**Your assignment:** Line by line, copy the material below exactly as given.

**Records supplied:**
▬▬▬▬▬▬▬▬▬▬

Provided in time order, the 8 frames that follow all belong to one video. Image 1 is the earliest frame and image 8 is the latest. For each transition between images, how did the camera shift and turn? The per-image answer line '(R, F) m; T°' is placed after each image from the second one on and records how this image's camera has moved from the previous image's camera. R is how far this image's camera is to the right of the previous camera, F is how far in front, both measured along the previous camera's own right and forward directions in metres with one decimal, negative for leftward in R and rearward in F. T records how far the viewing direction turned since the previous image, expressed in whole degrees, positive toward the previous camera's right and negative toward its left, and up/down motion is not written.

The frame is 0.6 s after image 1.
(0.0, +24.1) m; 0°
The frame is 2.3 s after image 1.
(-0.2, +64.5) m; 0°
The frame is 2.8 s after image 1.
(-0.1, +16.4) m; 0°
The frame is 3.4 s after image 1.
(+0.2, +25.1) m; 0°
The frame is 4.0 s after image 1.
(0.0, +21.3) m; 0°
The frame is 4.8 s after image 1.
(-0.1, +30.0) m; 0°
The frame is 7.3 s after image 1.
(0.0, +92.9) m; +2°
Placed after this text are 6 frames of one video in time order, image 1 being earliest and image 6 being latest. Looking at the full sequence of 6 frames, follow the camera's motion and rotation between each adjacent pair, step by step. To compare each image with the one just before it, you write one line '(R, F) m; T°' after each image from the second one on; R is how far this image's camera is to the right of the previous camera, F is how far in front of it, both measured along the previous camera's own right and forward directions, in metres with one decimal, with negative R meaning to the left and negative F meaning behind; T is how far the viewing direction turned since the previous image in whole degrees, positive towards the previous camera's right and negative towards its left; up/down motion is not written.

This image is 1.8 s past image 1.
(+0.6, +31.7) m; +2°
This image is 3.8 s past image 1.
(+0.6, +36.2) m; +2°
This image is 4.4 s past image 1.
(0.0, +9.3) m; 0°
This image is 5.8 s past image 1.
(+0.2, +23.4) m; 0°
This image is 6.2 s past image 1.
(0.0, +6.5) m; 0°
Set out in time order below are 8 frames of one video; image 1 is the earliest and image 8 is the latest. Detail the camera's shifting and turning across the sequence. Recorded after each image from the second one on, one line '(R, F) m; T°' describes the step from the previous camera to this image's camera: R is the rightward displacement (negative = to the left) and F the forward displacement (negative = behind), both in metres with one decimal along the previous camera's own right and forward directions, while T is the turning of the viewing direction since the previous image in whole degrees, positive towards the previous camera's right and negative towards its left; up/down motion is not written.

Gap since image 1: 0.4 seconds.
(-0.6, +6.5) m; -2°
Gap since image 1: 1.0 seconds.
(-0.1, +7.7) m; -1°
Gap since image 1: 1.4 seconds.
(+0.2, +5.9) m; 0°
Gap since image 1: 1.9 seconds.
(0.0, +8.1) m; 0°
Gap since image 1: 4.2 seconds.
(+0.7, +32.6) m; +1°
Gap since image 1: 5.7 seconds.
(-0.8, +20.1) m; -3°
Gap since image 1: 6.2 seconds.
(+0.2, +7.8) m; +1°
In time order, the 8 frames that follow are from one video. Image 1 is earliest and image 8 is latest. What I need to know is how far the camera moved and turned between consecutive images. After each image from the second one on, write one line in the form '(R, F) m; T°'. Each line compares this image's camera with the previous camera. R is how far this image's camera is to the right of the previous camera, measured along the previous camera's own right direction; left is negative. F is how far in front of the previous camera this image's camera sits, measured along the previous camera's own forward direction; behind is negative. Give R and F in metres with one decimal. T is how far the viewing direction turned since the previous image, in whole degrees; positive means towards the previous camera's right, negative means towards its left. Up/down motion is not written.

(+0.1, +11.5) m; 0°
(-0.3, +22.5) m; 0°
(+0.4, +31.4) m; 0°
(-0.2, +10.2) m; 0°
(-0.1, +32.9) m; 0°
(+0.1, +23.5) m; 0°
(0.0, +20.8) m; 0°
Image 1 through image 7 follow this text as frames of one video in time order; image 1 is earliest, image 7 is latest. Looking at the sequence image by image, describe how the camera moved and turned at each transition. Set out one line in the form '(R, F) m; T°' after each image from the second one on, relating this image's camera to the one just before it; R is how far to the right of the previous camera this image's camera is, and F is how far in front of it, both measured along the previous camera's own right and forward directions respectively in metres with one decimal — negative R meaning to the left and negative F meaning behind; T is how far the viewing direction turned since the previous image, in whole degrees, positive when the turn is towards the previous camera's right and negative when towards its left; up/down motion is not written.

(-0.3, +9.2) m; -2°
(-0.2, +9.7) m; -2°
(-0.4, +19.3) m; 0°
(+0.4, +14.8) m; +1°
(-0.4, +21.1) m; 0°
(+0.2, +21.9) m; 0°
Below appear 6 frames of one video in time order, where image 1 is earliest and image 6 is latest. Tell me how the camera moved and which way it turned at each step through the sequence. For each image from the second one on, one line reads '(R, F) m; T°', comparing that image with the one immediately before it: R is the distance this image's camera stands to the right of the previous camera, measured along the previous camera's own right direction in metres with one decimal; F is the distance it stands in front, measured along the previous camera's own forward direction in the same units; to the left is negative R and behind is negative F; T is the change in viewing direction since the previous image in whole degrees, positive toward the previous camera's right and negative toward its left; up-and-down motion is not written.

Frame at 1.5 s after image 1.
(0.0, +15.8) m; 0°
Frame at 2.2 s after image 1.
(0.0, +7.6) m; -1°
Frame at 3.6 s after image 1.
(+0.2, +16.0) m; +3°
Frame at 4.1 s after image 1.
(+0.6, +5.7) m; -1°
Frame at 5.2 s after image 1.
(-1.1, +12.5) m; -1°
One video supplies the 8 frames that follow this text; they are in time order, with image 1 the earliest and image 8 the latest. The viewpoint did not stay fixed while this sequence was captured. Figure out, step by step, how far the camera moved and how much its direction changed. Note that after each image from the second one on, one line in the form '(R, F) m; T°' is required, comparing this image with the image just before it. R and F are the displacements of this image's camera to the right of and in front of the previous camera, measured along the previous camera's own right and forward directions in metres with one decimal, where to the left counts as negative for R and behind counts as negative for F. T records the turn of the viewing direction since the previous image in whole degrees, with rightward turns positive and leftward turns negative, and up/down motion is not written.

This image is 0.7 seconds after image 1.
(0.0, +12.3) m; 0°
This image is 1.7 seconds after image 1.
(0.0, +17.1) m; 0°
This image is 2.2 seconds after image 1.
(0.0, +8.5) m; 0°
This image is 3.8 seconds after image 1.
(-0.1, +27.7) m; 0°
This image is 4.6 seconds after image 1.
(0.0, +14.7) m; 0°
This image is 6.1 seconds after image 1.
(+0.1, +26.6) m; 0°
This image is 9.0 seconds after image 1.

▬▬▬▬▬▬▬▬▬▬

**Answer:**
Provided in time order, the 8 frames that follow all belong to one video. Image 1 is the earliest frame and image 8 is the latest. For each transition between images, how did the camera shift and turn? The per-image answer line '(R, F) m; T°' is placed after each image from the second one on and records how this image's camera has moved from the previous image's camera. R is how far this image's camera is to the right of the previous camera, F is how far in front, both measured along the previous camera's own right and forward directions in metres with one decimal, negative for leftward in R and rearward in F. T records how far the viewing direction turned since the previous image, expressed in whole degrees, positive toward the previous camera's right and negative toward its left, and up/down motion is not written.

The frame is 0.6 s after image 1.
(0.0, +24.1) m; 0°
The frame is 2.3 s after image 1.
(-0.2, +64.5) m; 0°
The frame is 2.8 s after image 1.
(-0.1, +16.4) m; 0°
The frame is 3.4 s after image 1.
(+0.2, +25.1) m; 0°
The frame is 4.0 s after image 1.
(0.0, +21.3) m; 0°
The frame is 4.8 s after image 1.
(-0.1, +30.0) m; 0°
The frame is 7.3 s after image 1.
(0.0, +92.9) m; +2°
Placed after this text are 6 frames of one video in time order, image 1 being earliest and image 6 being latest. Looking at the full sequence of 6 frames, follow the camera's motion and rotation between each adjacent pair, step by step. To compare each image with the one just before it, you write one line '(R, F) m; T°' after each image from the second one on; R is how far this image's camera is to the right of the previous camera, F is how far in front of it, both measured along the previous camera's own right and forward directions, in metres with one decimal, with negative R meaning to the left and negative F meaning behind; T is how far the viewing direction turned since the previous image in whole degrees, positive towards the previous camera's right and negative towards its left; up/down motion is not written.

This image is 1.8 s past image 1.
(+0.6, +31.7) m; +2°
This image is 3.8 s past image 1.
(+0.6, +36.2) m; +2°
This image is 4.4 s past image 1.
(0.0, +9.3) m; 0°
This image is 5.8 s past image 1.
(+0.2, +23.4) m; 0°
This image is 6.2 s past image 1.
(0.0, +6.5) m; 0°
Set out in time order below are 8 frames of one video; image 1 is the earliest and image 8 is the latest. Detail the camera's shifting and turning across the sequence. Recorded after each image from the second one on, one line '(R, F) m; T°' describes the step from the previous camera to this image's camera: R is the rightward displacement (negative = to the left) and F the forward displacement (negative = behind), both in metres with one decimal along the previous camera's own right and forward directions, while T is the turning of the viewing direction since the previous image in whole degrees, positive towards the previous camera's right and negative towards its left; up/down motion is not written.

Gap since image 1: 0.4 seconds.
(-0.6, +6.5) m; -2°
Gap since image 1: 1.0 seconds.
(-0.1, +7.7) m; -1°
Gap since image 1: 1.4 seconds.
(+0.2, +5.9) m; 0°
Gap since image 1: 1.9 seconds.
(0.0, +8.1) m; 0°
Gap since image 1: 4.2 seconds.
(+0.7, +32.6) m; +1°
Gap since image 1: 5.7 seconds.
(-0.8, +20.1) m; -3°
Gap since image 1: 6.2 seconds.
(+0.2, +7.8) m; +1°
In time order, the 8 frames that follow are from one video. Image 1 is earliest and image 8 is latest. What I need to know is how far the camera moved and turned between consecutive images. After each image from the second one on, write one line in the form '(R, F) m; T°'. Each line compares this image's camera with the previous camera. R is how far this image's camera is to the right of the previous camera, measured along the previous camera's own right direction; left is negative. F is how far in front of the previous camera this image's camera sits, measured along the previous camera's own forward direction; behind is negative. Give R and F in metres with one decimal. T is how far the viewing direction turned since the previous image, in whole degrees; positive means towards the previous camera's right, negative means towards its left. Up/down motion is not written.

(+0.1, +11.5) m; 0°
(-0.3, +22.5) m; 0°
(+0.4, +31.4) m; 0°
(-0.2, +10.2) m; 0°
(-0.1, +32.9) m; 0°
(+0.1, +23.5) m; 0°
(0.0, +20.8) m; 0°
Image 1 through image 7 follow this text as frames of one video in time order; image 1 is earliest, image 7 is latest. Looking at the sequence image by image, describe how the camera moved and turned at each transition. Set out one line in the form '(R, F) m; T°' after each image from the second one on, relating this image's camera to the one just before it; R is how far to the right of the previous camera this image's camera is, and F is how far in front of it, both measured along the previous camera's own right and forward directions respectively in metres with one decimal — negative R meaning to the left and negative F meaning behind; T is how far the viewing direction turned since the previous image, in whole degrees, positive when the turn is towards the previous camera's right and negative when towards its left; up/down motion is not written.

(-0.3, +9.2) m; -2°
(-0.2, +9.7) m; -2°
(-0.4, +19.3) m; 0°
(+0.4, +14.8) m; +1°
(-0.4, +21.1) m; 0°
(+0.2, +21.9) m; 0°
Below appear 6 frames of one video in time order, where image 1 is earliest and image 6 is latest. Tell me how the camera moved and which way it turned at each step through the sequence. For each image from the second one on, one line reads '(R, F) m; T°', comparing that image with the one immediately before it: R is the distance this image's camera stands to the right of the previous camera, measured along the previous camera's own right direction in metres with one decimal; F is the distance it stands in front, measured along the previous camera's own forward direction in the same units; to the left is negative R and behind is negative F; T is the change in viewing direction since the previous image in whole degrees, positive toward the previous camera's right and negative toward its left; up-and-down motion is not written.

Frame at 1.5 s after image 1.
(0.0, +15.8) m; 0°
Frame at 2.2 s after image 1.
(0.0, +7.6) m; -1°
Frame at 3.6 s after image 1.
(+0.2, +16.0) m; +3°
Frame at 4.1 s after image 1.
(+0.6, +5.7) m; -1°
Frame at 5.2 s after image 1.
(-1.1, +12.5) m; -1°
One video supplies the 8 frames that follow this text; they are in time order, with image 1 the earliest and image 8 the latest. The viewpoint did not stay fixed while this sequence was captured. Figure out, step by step, how far the camera moved and how much its direction changed. Note that after each image from the second one on, one line in the form '(R, F) m; T°' is required, comparing this image with the image just before it. R and F are the displacements of this image's camera to the right of and in front of the previous camera, measured along the previous camera's own right and forward directions in metres with one decimal, where to the left counts as negative for R and behind counts as negative for F. T records the turn of the viewing direction since the previous image in whole degrees, with rightward turns positive and leftward turns negative, and up/down motion is not written.

This image is 0.7 seconds after image 1.
(0.0, +12.3) m; 0°
This image is 1.7 seconds after image 1.
(0.0, +17.1) m; 0°
This image is 2.2 seconds after image 1.
(0.0, +8.5) m; 0°
This image is 3.8 seconds after image 1.
(-0.1, +27.7) m; 0°
This image is 4.6 seconds after image 1.
(0.0, +14.7) m; 0°
This image is 6.1 seconds after image 1.
(+0.1, +26.6) m; 0°
This image is 9.0 seconds after image 1.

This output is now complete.